It's so much so that, actually, political scientists have added an adjective to the word polarization every time they use it to describe the American political reality. And they throw in this word “asymmetric” in front of it. So it's asymmetric polarization. And what they really mean by that is just that, again, these measures show it's like two thirds of the country on one side and one third of the country on the other side. So yes, we are technically polarized, but it's unevenly polarized - and I think that's super important, to remember the reality.
And so if we ask, well, why is it, then, that Christian Nationalism has so much power? Well, it's because it has become the majority view of one of our two political parties. It has become the majority view of self-identified Republicans in the country. But again, Republicans are only about a third of the country. So it is this kind of majority view of a minority of the country. But that country does have its hands on the levers of power. And that's the reason why. So it's amplified through the presidency, both Houses of Congress, the Supreme Court. They have their hands on all of that right now. And so it just serves as a megaphone, and it presents as if half the country is there.
But one of the great things about having some facts is that you really do see: actually, no, that's only about a third of the country. They just happen to have their hands on the levers of power.
PAUL RAUSHENBUSH:
That is so important. It's something that we need to recognize, that actually, well, I'll say this as a hopeful statement. I would say Christian Nationalism is at a zenith of their power right now. If you really think about what they control, they have the Speaker of the House, they have someone at the head of Department of Defense. Pam Bondi at DOJ. Certainly ICE and the way DHS is operating. You have, in the vice presidency, somehow JD Vance has become a Christian Nationalist, although he's married to a Hindu woman. Donald Trump is completely...

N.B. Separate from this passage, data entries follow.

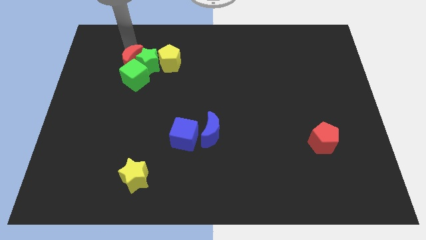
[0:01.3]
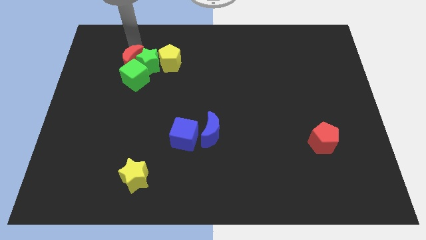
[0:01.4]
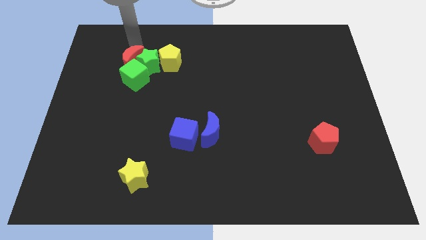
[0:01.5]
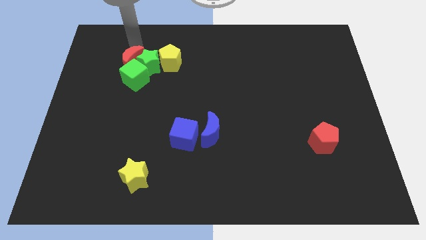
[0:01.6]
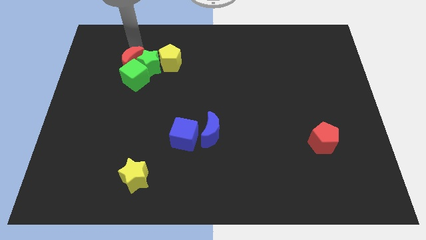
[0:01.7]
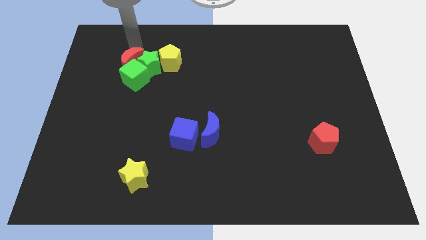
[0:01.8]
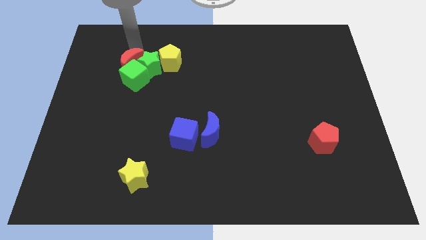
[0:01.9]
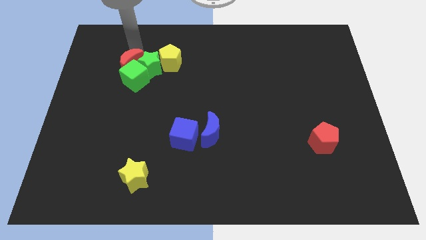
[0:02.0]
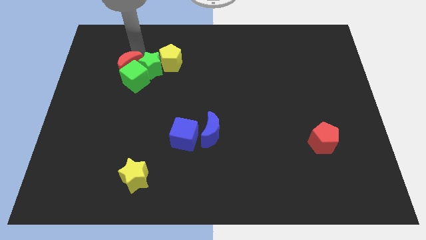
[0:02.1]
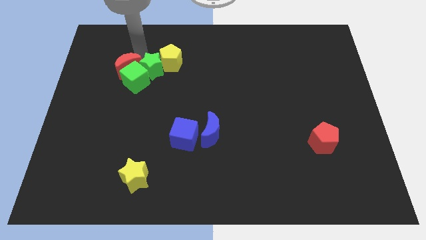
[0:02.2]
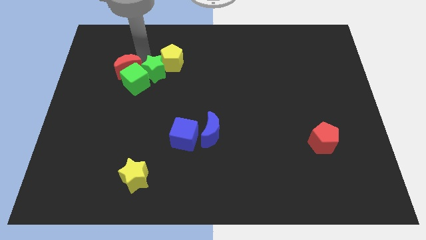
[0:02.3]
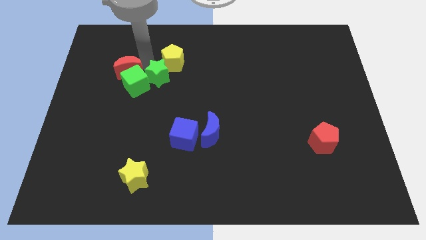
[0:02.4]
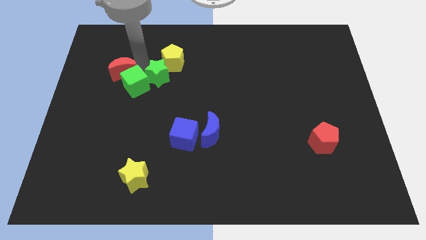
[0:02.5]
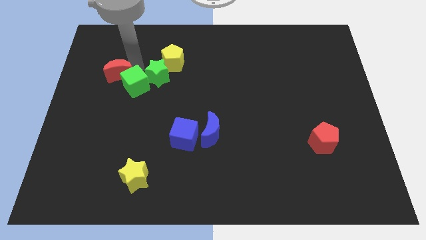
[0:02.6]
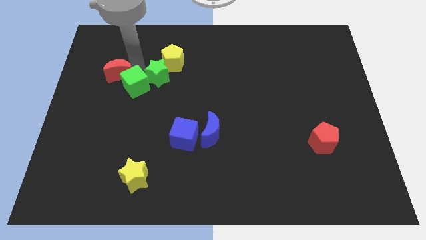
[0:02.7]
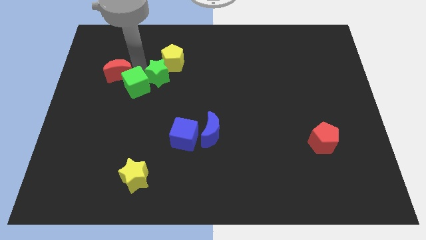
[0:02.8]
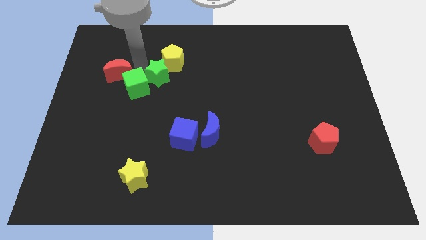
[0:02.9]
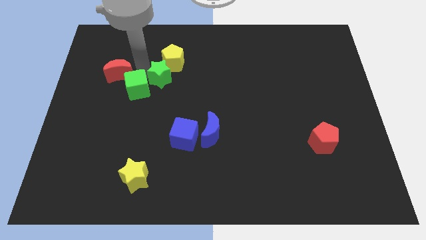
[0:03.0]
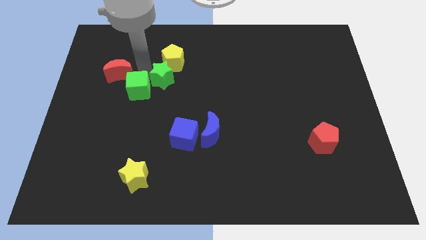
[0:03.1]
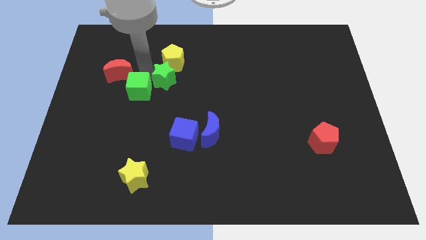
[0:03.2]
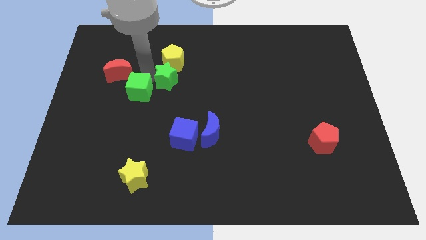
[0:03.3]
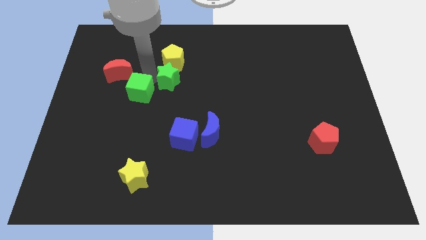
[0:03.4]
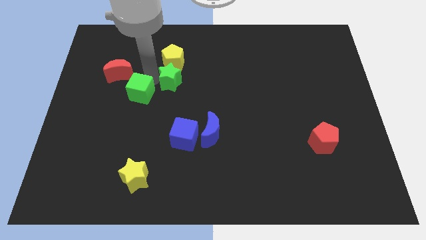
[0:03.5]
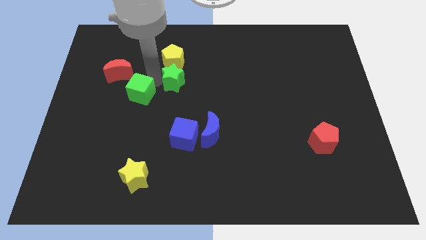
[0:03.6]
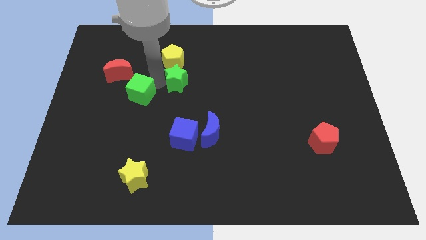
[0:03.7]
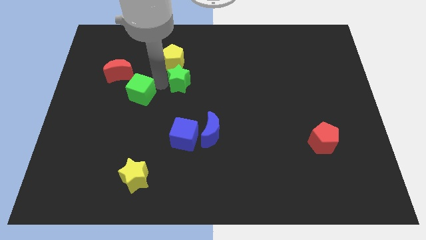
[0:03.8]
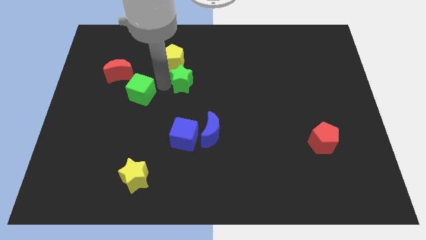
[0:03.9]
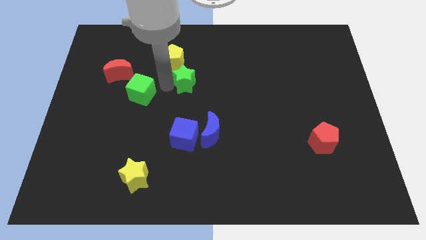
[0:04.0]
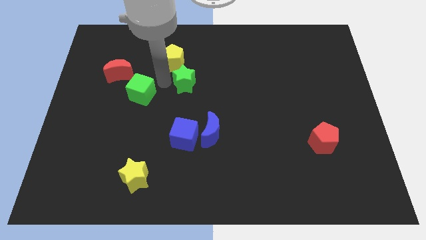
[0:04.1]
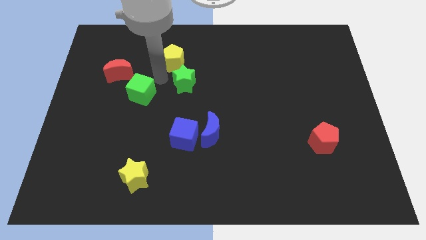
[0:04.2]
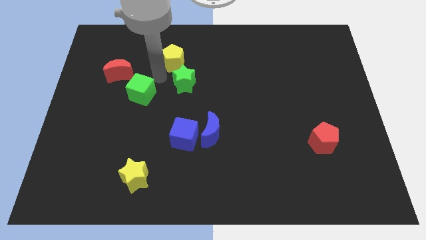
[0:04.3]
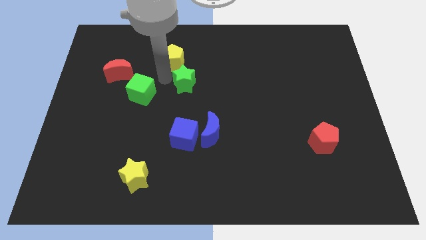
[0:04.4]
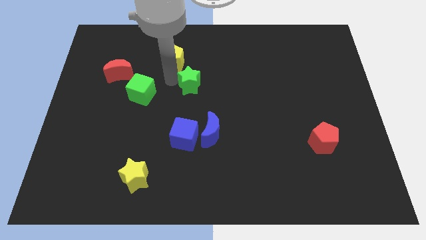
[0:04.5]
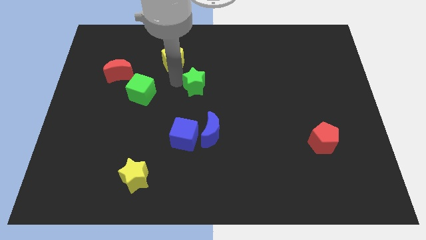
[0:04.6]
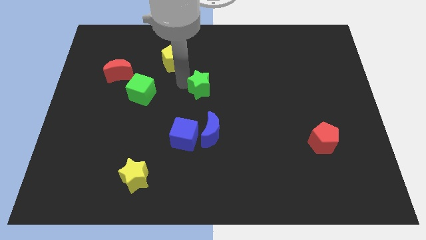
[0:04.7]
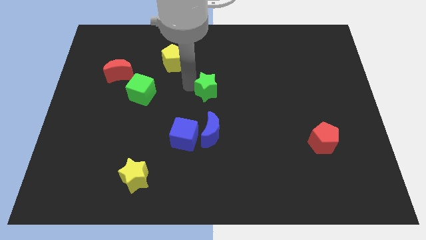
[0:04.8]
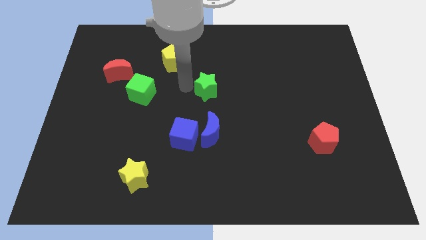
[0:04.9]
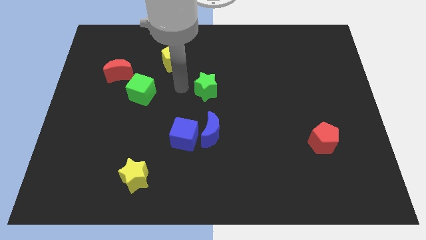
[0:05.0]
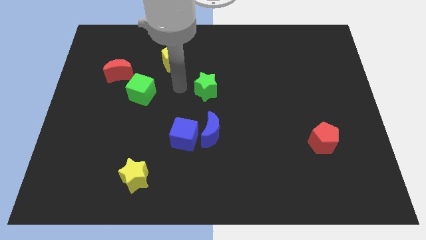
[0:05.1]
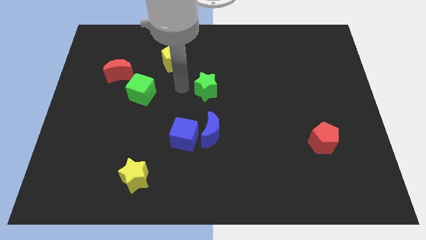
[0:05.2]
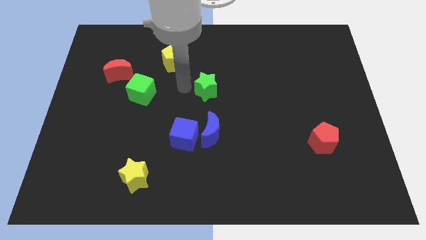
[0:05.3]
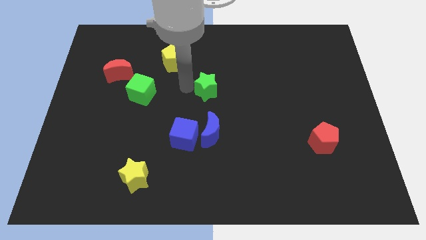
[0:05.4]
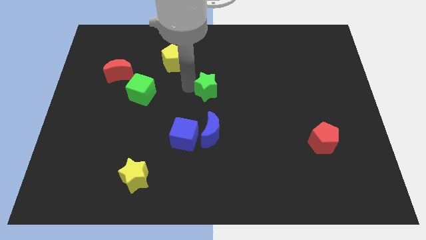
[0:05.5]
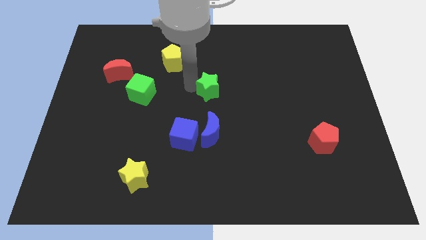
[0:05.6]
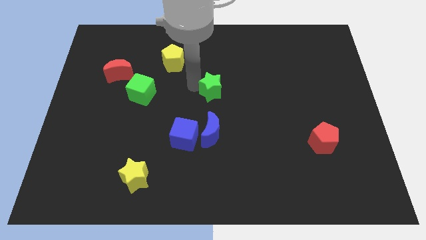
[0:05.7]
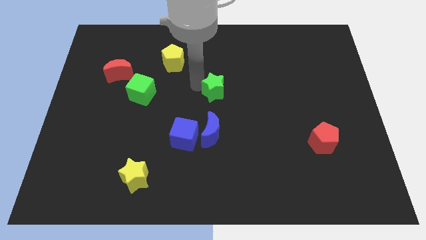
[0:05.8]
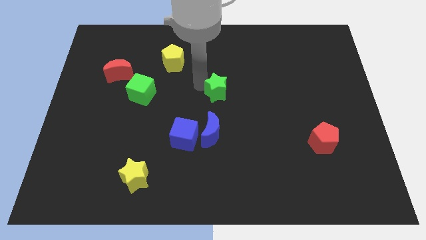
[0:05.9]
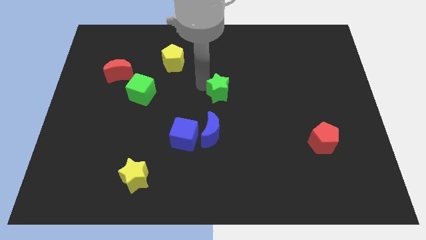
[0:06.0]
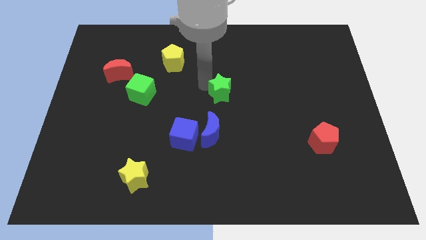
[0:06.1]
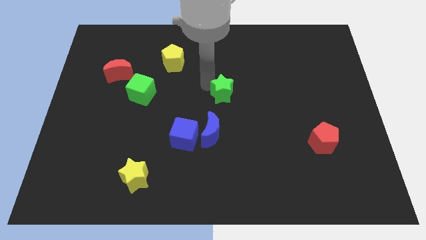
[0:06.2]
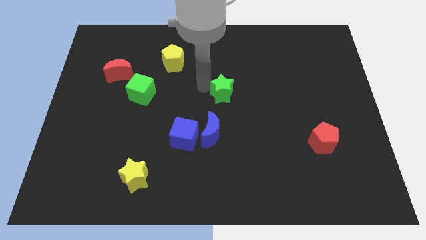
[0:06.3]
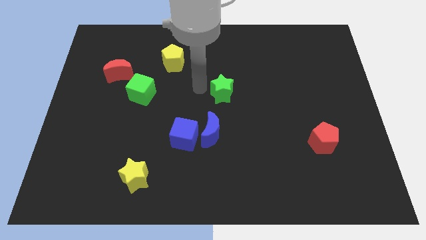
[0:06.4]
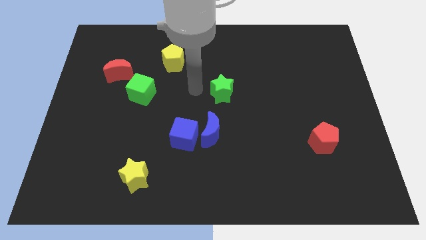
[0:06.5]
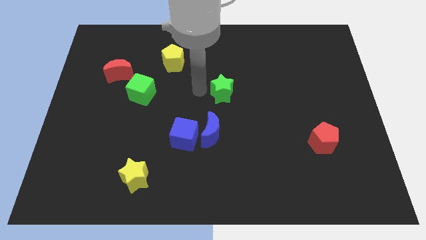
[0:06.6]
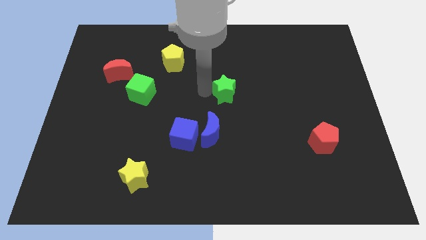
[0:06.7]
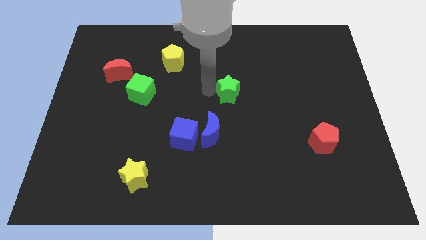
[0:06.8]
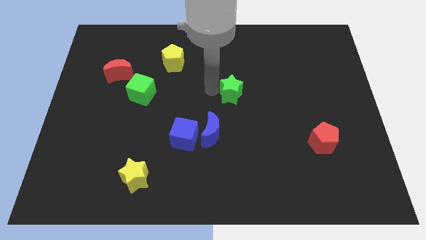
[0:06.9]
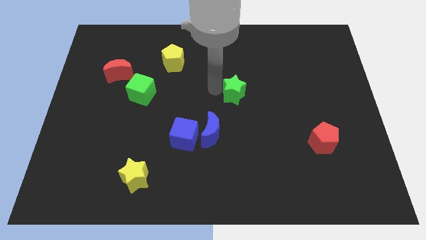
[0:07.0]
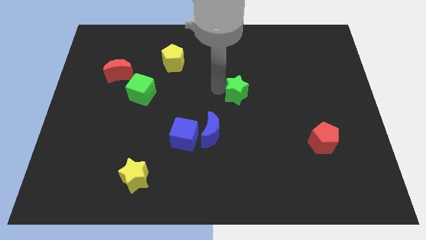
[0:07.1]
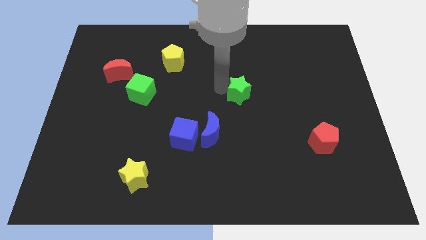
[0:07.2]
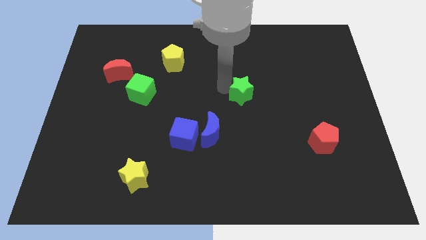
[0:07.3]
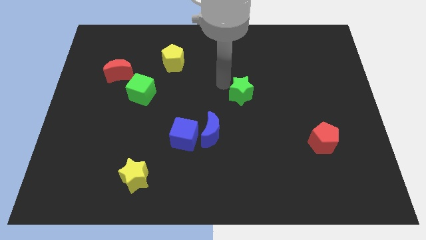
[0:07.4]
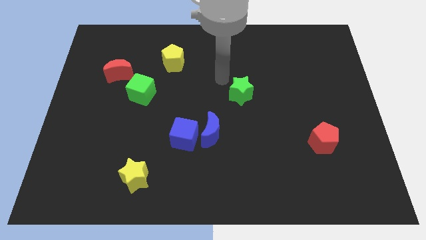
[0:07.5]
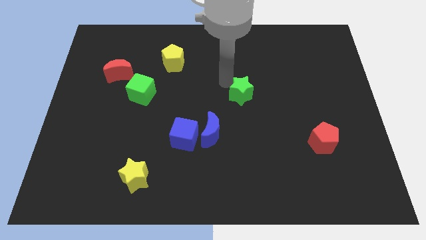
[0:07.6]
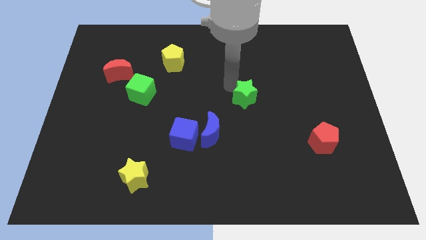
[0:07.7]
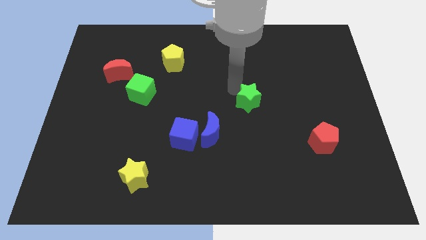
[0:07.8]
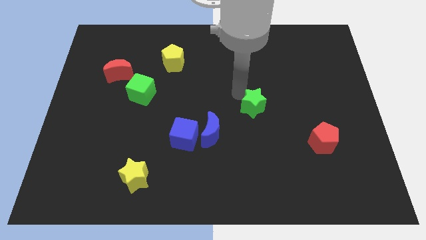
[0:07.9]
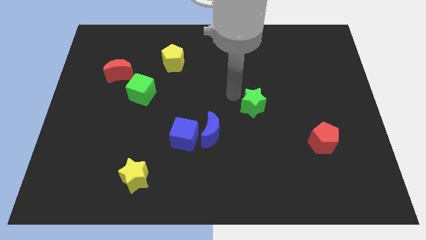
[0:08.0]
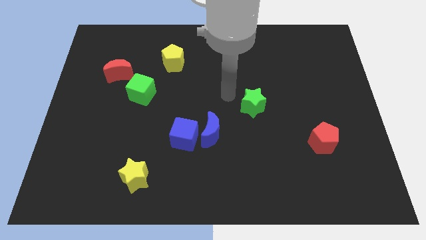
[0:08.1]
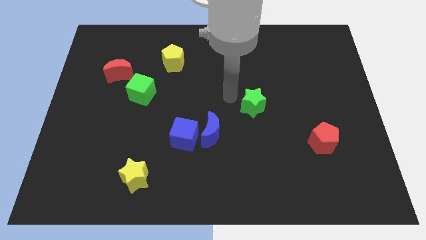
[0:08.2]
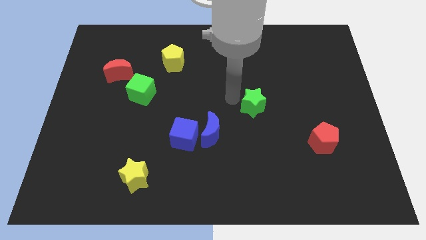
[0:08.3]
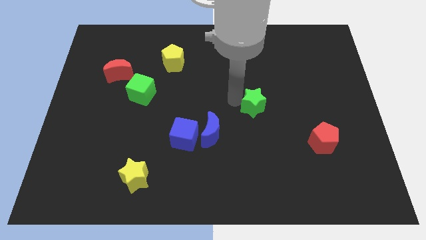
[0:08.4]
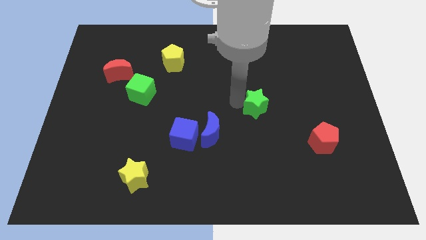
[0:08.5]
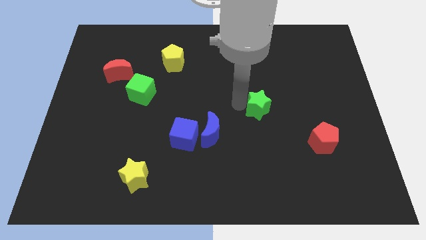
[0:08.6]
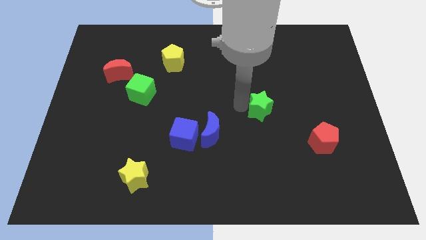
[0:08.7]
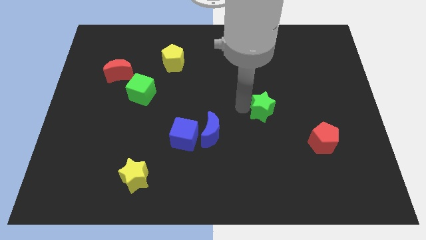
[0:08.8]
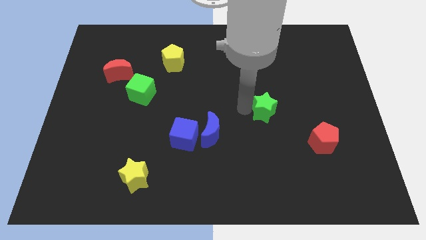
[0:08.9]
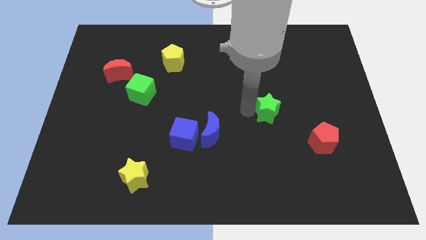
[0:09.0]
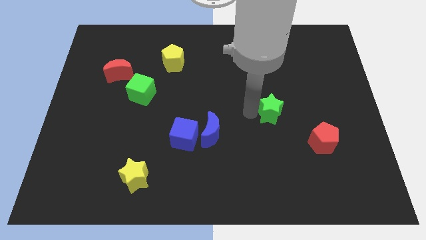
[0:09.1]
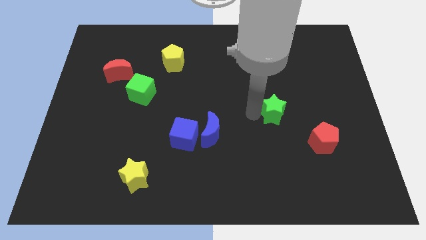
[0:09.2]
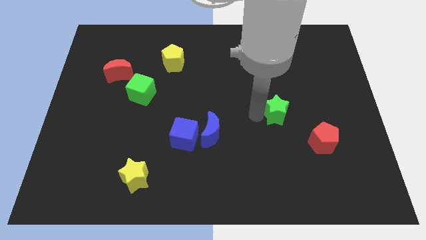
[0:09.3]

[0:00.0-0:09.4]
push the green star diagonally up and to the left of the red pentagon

I don't judge people on their faith. I don't think he has any faith. I think his faith is in power and what works. But in all of those places, Christian Nationalism is an operating principle. It's not abstract. That's so important.
ROBBY JONES:
And it's not abstract. You can give concrete examples to every one of those people you named. It's not just a weird assertion. Like Mike Johnson: he is literally flying a Christian Nationalist flag outside his office. That appeal to heaven flag. Pete Hegseth has Christian Nationalist tattoos right on his body.
PAUL RAUSHENBUSH:
In addition to everything else, you are a scholar of religion. I want to get into the mindset of a true Christian Nationalist right now, with the war in the Middle East and what is happening there. This is a fever dream, in some ways, of a worldview that many who are not in it really don't understand. But if you're immersed in it and are a true believer in a certain kind of worldview that is really looking towards endtimes, is really looking towards the role that different groups are supposed to play in the endtimes, this looks - it's not the first time it's happened, but it's the most recent example of how this worldview can really impact our American policy.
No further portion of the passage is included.